| What you are asked to do |
Return exactly the line that contains "Q: Width (condensed, normal, or" and all lines beneath it in the entries, through the very last one.

Data records:
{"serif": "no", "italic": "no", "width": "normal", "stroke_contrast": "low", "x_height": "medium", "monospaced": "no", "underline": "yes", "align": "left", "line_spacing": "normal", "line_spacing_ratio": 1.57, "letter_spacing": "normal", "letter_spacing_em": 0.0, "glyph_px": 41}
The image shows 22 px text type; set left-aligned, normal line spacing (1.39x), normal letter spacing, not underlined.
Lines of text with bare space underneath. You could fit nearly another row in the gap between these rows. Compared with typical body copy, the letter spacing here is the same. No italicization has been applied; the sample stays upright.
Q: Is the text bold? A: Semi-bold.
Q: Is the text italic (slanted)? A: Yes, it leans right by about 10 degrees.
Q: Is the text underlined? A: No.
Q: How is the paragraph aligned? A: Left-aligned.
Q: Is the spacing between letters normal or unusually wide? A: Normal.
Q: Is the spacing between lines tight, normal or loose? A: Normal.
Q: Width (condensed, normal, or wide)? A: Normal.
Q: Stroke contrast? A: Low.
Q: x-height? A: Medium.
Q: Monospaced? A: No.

| Finished task |
Q: Width (condensed, normal, or wide)? A: Normal.
Q: Stroke contrast? A: Low.
Q: x-height? A: Medium.
Q: Monospaced? A: No.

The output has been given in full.